Method	Pre (ms)	Infer (ms)	Post (ms)	Total (ms)
YOLOv8n	1.7	6.2	1.8	9.7
Ours-n	1.7	22.2	1.3	25.2

While our model has higher inference time due to added modules, it remains feasible for real-time applications on unmanned drones, especially given its accuracy improvements and reduced parameter count.

4.6 Visualization Analysis

We visualize detection results with a confidence threshold of 0.25. Comparisons between YOLOv8n and our improved algorithm show that our method better detects small targets in various challenging scenarios, such as under strong sunlight, shadow occlusion, dense crowds, and low-light conditions. For example, in sunny scenes, our algorithm captures more deformed pedestrian targets and reduces misclassifications like windows as cars or people as motors.

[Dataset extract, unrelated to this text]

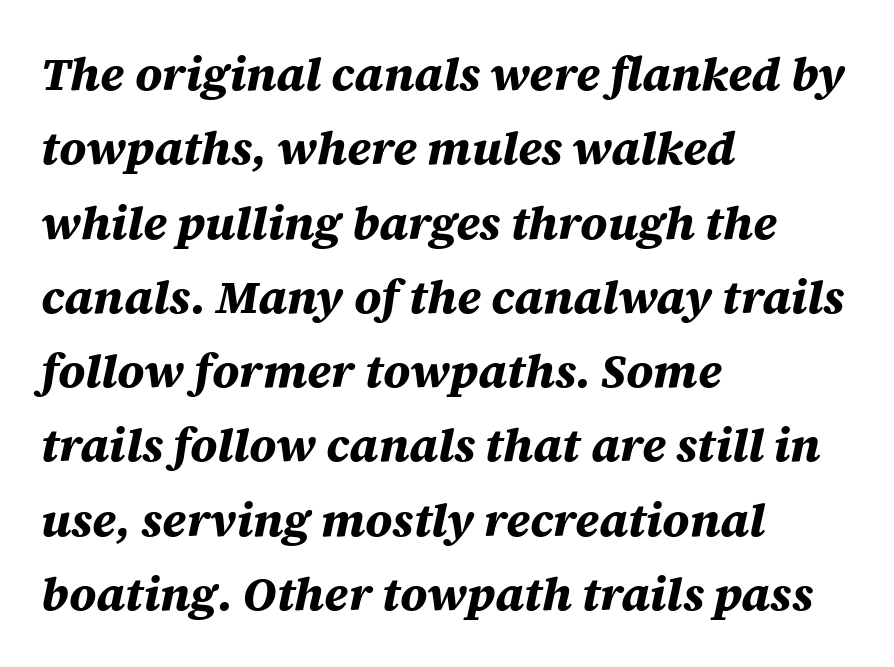
The image shows 47 px bold type, italic (leaning right); set left-aligned, normal line spacing (1.58x), normal letter spacing, not underlined; medium stroke contrast and a large x-height.

In shadowed environments, it detects more motor targets missed by the baseline. In dense overlapping scenes, it lowers missed detection rates, and in night scenes, it exhibits superior low-light detection performance. These visual results confirm the robustness of our approach for unmanned drone aerial images.

5. Conclusion

In this work, we address the challenges of small target detection in unmanned drone aerial images by proposing an improved YOLOv8-based algorithm. We identify limitations in shallow information preservation and multi-scale fusion in the baseline model and introduce systematic enhancements. Specifically, we develop EGAF and CGAF modules for better cross-level feature interaction, add a P2 output layer for high-resolution details, design SMF-Head for multi-scale fusion, and propose DGW-IoU loss for improved bounding box regression. Experiments on the VisDrone2019 dataset demonstrate that our method significantly improves detection accuracy: mAP50 increases by 9.8% and mAP50:95 by 6.7% compared to YOLOv8n, while reducing parameters by 59.4%. These results validate the effectiveness of our approach for small target detection and its suitability for edge deployment on unmanned drones. Future work will focus on further reducing computational overhead and improving inference speed without compromising accuracy.